Then it hired a 33-year-old computer Ph.D. from the University of Pennsylvania with a streak of gray hair, Jon Moore, to develop a search engine to mine the database for relationships and other connections among celebrities. The emerging product: Fancast.com's Six Degrees.
The idea behind Six Degrees is that if you liked an actress in one movie, you might like the same actress in another movie, or TV show.
Or if you liked the actress in a movie, you might be interested to know she dated this actor, who starred in these movies. And so on.
"It's making sense of the complex mass of entertainment," said Fancast general manager Alix Cottrell, who described Fancast as an interactive Internet guide for Hollywood entertainment. "We're recommending what you should watch in an individualized way."
Industry experts see a day when a substantial number of TV shows and movies are consumed by Internet downloads or video streaming. Comcast, which says it offers high-speed Internet services to 48 million homes, is already a big Internet player with Comcast.net, one of the most-trafficked sites on the Web.
Web sites that catalog and search movies and actor biographies, such as the well-clicked Internet Movie Database, have been around for years.
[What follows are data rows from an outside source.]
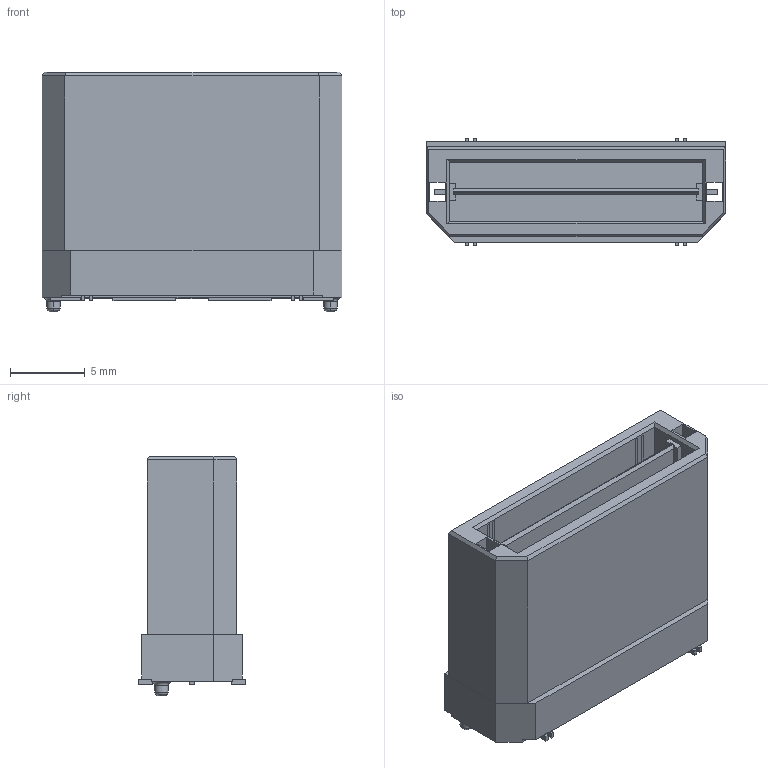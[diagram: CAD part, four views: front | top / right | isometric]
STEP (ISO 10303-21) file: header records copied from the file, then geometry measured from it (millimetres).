
FILE_DESCRIPTION((''),'2;1');
FILE_NAME('SAMTEC_QTH-030-04-L-D-A.stp','2013-10-03T16:53:46',(''),(''),'Mechanical Desktop 2011','Mechanical Desktop 2011',', , ');
FILE_SCHEMA(('AUTOMOTIVE_DESIGN { 1 2 10303 214 1 1 1 1 }'));
Length unit declared in the file: millimetre
Products named in the file (1): Product
Bounding box: 20 x 7.14 x 15.99 mm (x, y, z)
Volume: 1611.3 mm3; surface area: 1606.6 mm2
Topology: 21 solids, 21 shells, 220 faces, 512 edges, 334 vertices
Faces by surface type: plane 164, bspline 48, cylinder 4, torus 4
Entity records: 6339 total; most frequent: CARTESIAN_POINT 1375, ORIENTED_EDGE 1024, DIRECTION 882, EDGE_CURVE 512, VECTOR 488, LINE 488, VERTEX_POINT 334, EDGE_LOOP 228
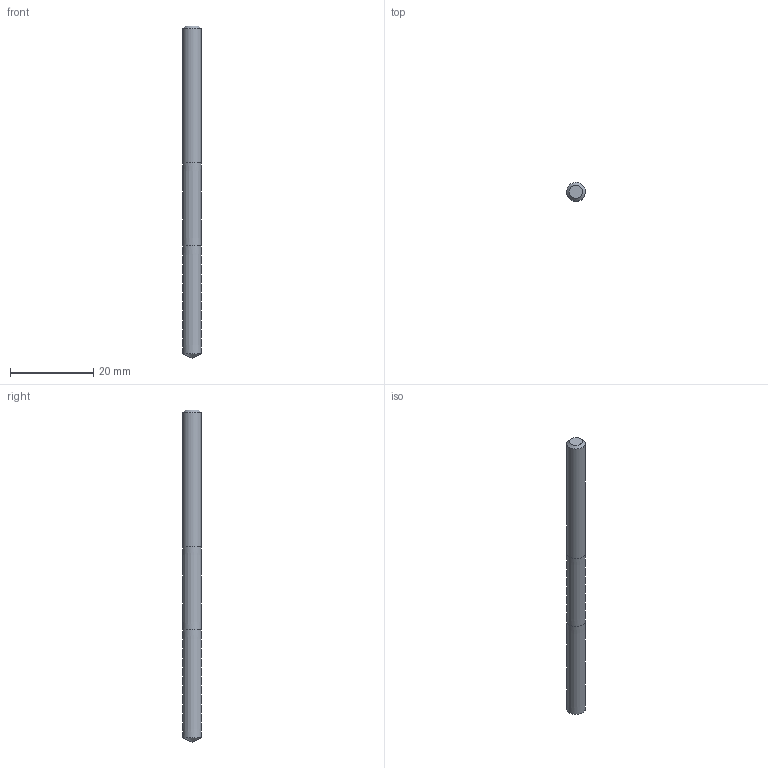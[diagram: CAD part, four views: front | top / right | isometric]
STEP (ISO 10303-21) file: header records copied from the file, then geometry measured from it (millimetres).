
FILE_DESCRIPTION(/* description */ ('A9004.5'),/* implementation_level */ '2;1');
FILE_NAME(/* name */ 'CAPP~~210915153936~5971132~MOD~TM01_00~ISO~FR.STP',/* time_stamp */ '2021-09-15T15:41:31+02:00',/* author */ ('System'),/* organization */ ('Dormer Pramet'),/* preprocessor_version */ 'ST-DEVELOPER v16.7',/* originating_system */ 'SIEMENS PLM Software NX 12.0',/* authorisation */ '');
FILE_SCHEMA (('AUTOMOTIVE_DESIGN { 1 0 10303 214 3 1 1 1 }'));
Length unit declared in the file: millimetre
Products named in the file (1): CAPP~~210915153936~5971132~MOD~TM01_00~ISO~FR
Bounding box: 4.49 x 4.49 x 80 mm (x, y, z)
Volume: 1258.2 mm3; surface area: 1175.3 mm2
Topology: 2 solids, 2 shells, 9 faces, 16 edges, 13 vertices
Faces by surface type: plane 4, cone 4, cylinder 1
Full cylindrical faces by diameter (mm): 4.5 x1
Entity records: 246 total; most frequent: DIRECTION 40, CARTESIAN_POINT 36, AXIS2_PLACEMENT_3D 20, EDGE_LOOP 14, ORIENTED_EDGE 14, FACE_BOUND 12, ADVANCED_FACE 9, VERTEX_POINT 8

But Comcast thinks it can do better.
At Fancast offices on the 19th floor of 2000 Market St., the dress code is jeans-friendly. One brainstorming project room contains a couch, a lava lamp and a wall-size High Fidelity movie poster. Groceries are delivered weekly to a kitchen so employees can snack together and talk about Fancast.
"We're pretty casual. We try to be hip," said Cottrell, who joined Comcast in 2006 from AOL L.L.C. in New York, where she was creative director.